■ **DIRECTIONS FOR THIS TASK**
Return every entry exactly, except for any pictures.
BEGIN
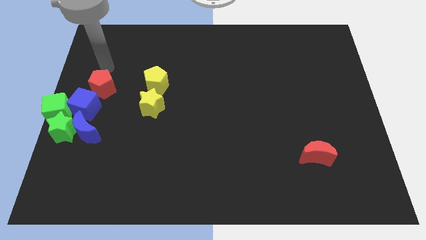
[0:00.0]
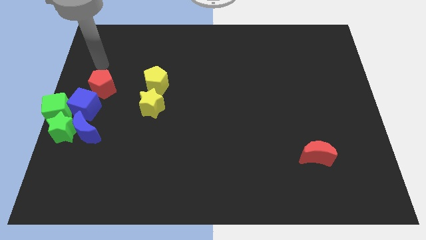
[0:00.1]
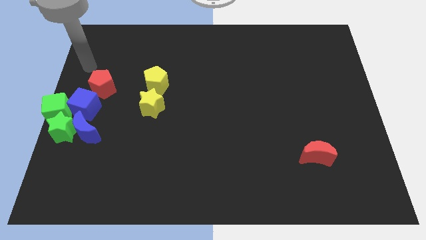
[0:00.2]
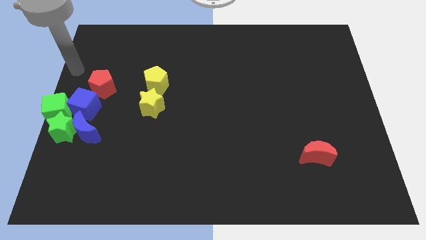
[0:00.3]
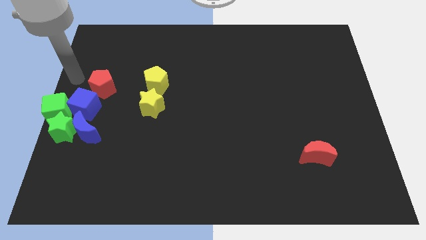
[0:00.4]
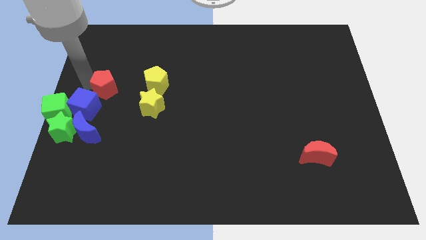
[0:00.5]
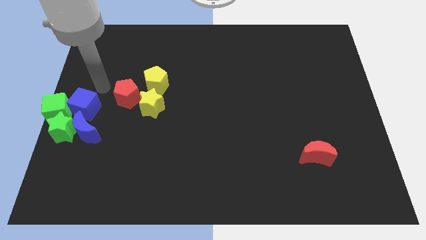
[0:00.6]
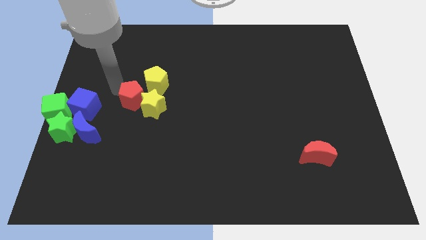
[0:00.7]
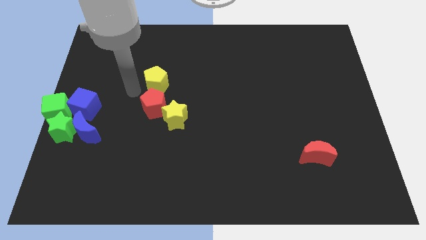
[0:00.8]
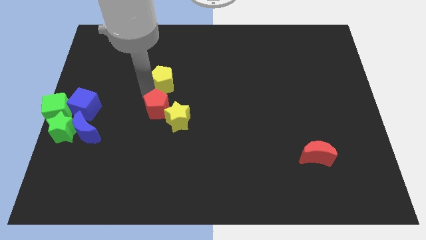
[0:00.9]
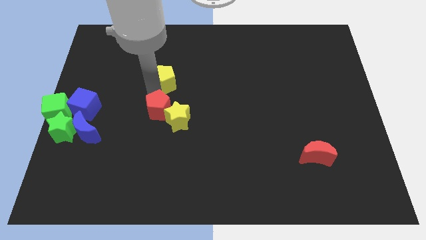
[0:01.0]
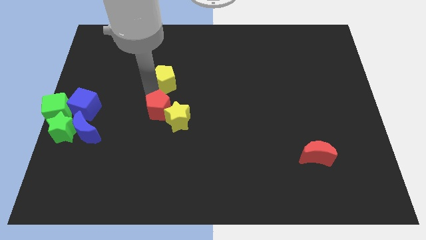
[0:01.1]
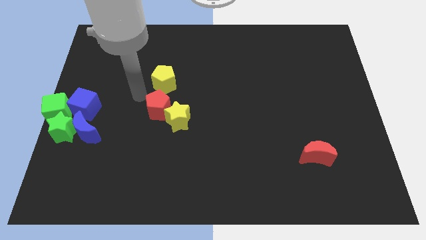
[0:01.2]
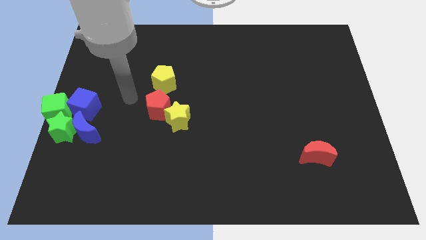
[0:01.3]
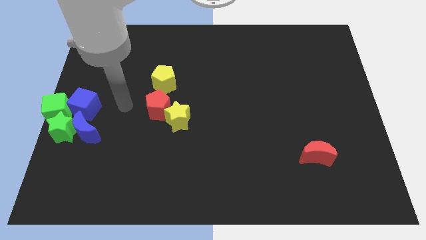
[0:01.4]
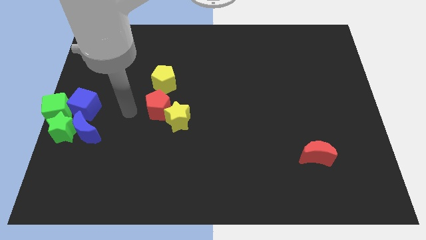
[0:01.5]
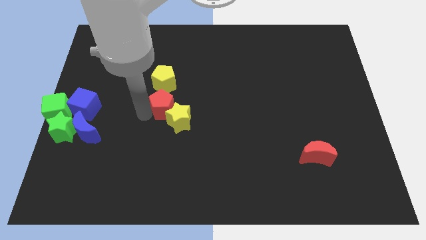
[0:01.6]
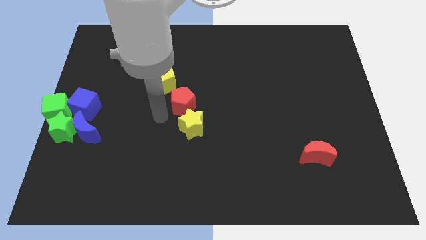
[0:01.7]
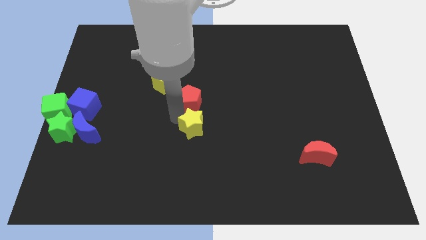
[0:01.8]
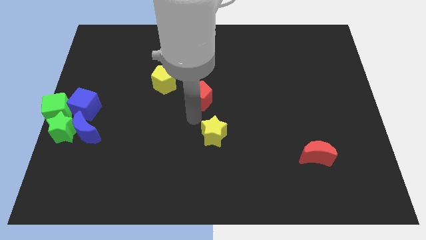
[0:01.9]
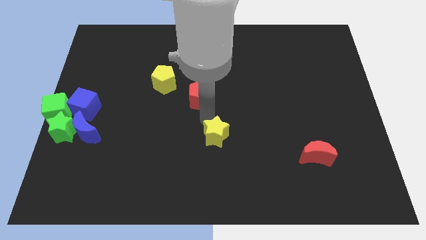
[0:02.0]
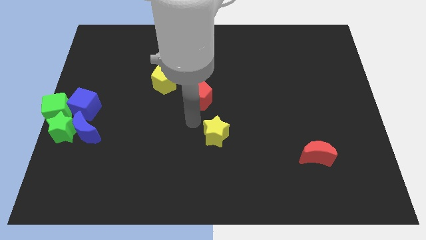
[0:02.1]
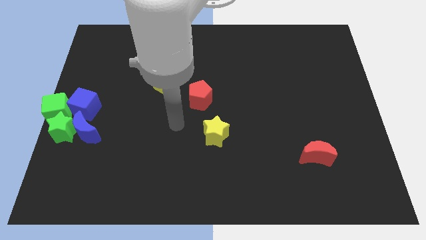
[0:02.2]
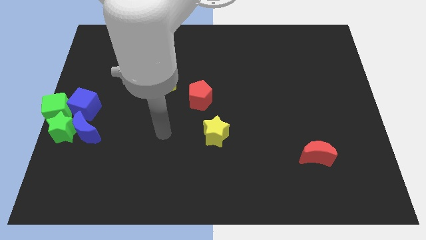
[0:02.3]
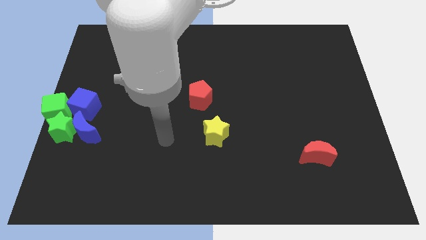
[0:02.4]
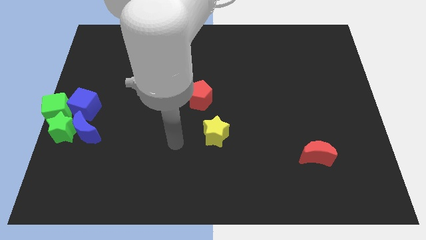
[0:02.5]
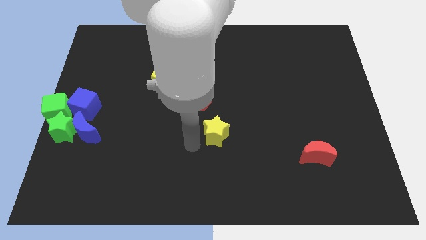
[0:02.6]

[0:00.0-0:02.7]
push the red moon towards the center of the board

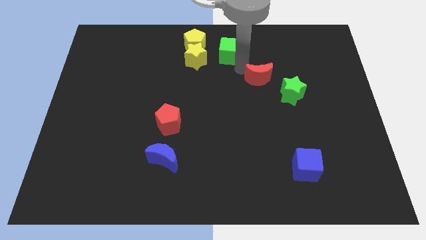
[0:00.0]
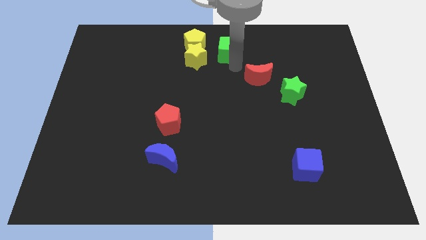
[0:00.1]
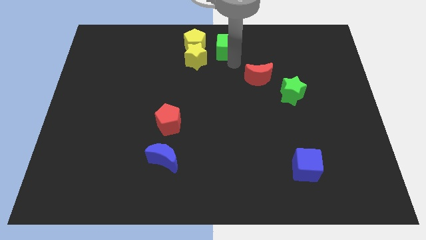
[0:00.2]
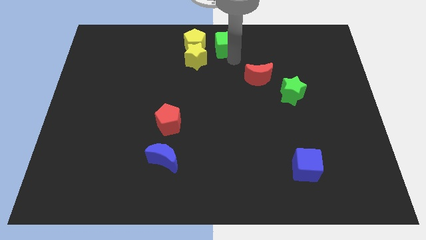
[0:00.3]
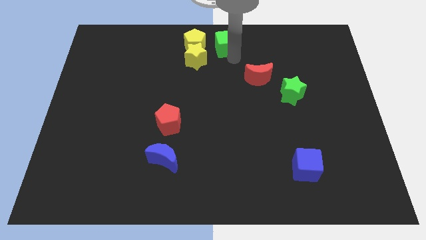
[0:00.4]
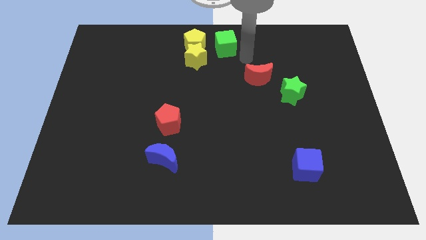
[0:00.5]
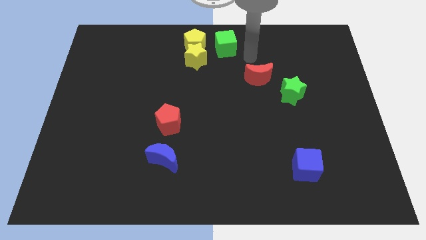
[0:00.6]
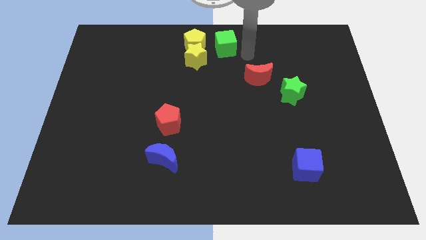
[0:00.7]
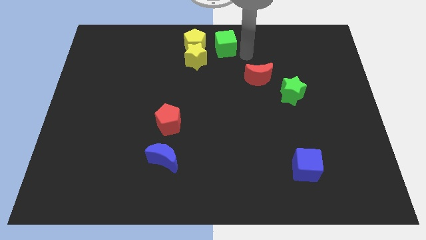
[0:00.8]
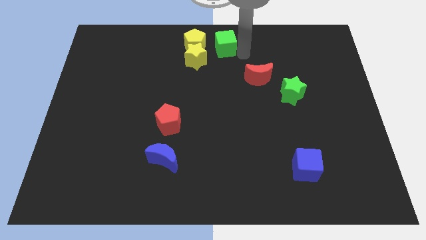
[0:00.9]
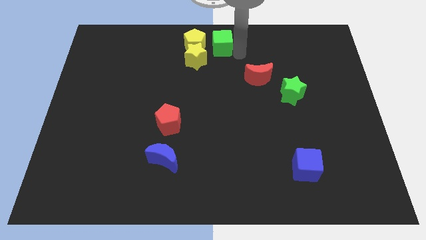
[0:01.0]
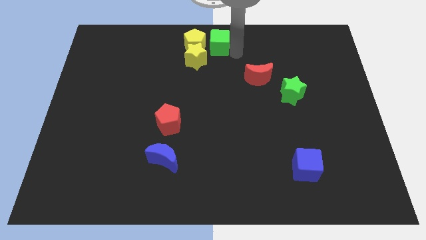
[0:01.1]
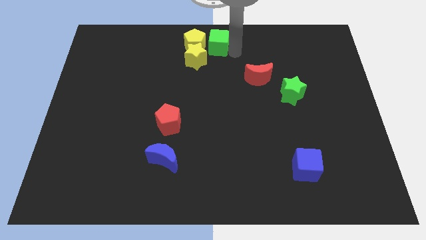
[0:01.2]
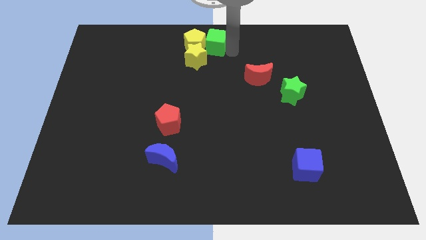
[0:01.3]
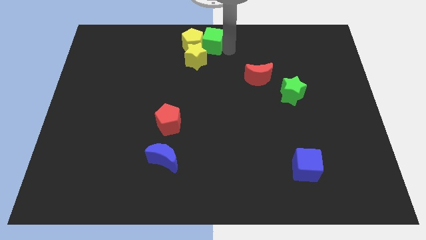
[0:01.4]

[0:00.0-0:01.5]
push the green cube into the yellow pentagon
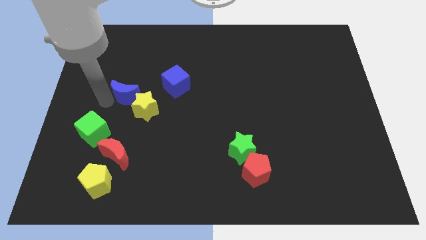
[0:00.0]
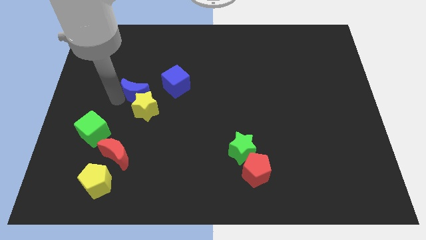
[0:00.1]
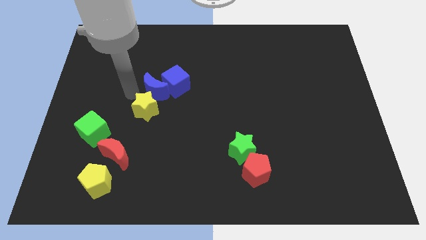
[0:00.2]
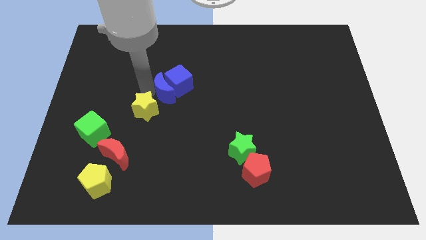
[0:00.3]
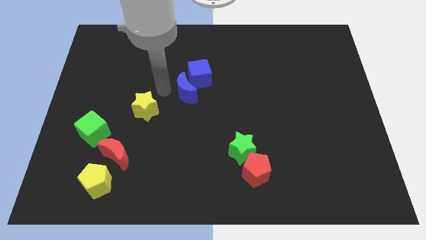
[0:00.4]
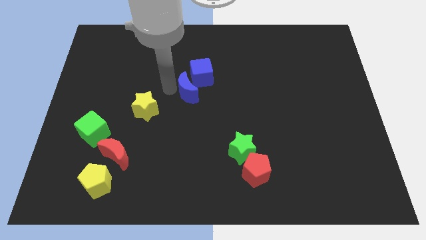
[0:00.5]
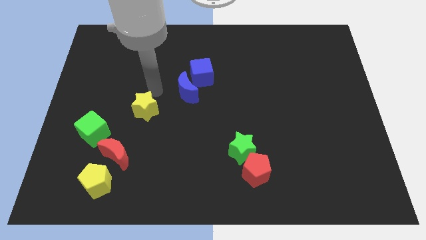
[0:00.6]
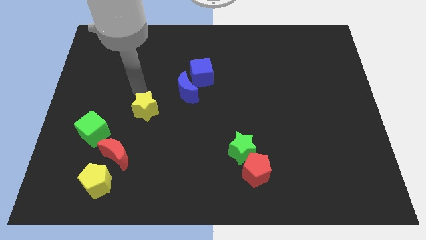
END
■ **TASK SOLUTION**
[0:00.0]
[0:00.1]
[0:00.2]
[0:00.3]
[0:00.4]
[0:00.5]
[0:00.6]
[0:00.7]
[0:00.8]
[0:00.9]
[0:01.0]
[0:01.1]
[0:01.2]
[0:01.3]
[0:01.4]
[0:01.5]
[0:01.6]
[0:01.7]
[0:01.8]
[0:01.9]
[0:02.0]
[0:02.1]
[0:02.2]
[0:02.3]
[0:02.4]
[0:02.5]
[0:02.6]

[0:00.0-0:02.7]
push the red moon towards the center of the board

[0:00.0]
[0:00.1]
[0:00.2]
[0:00.3]
[0:00.4]
[0:00.5]
[0:00.6]
[0:00.7]
[0:00.8]
[0:00.9]
[0:01.0]
[0:01.1]
[0:01.2]
[0:01.3]
[0:01.4]

[0:00.0-0:01.5]
push the green cube into the yellow pentagon
[0:00.0]
[0:00.1]
[0:00.2]
[0:00.3]
[0:00.4]
[0:00.5]
[0:00.6]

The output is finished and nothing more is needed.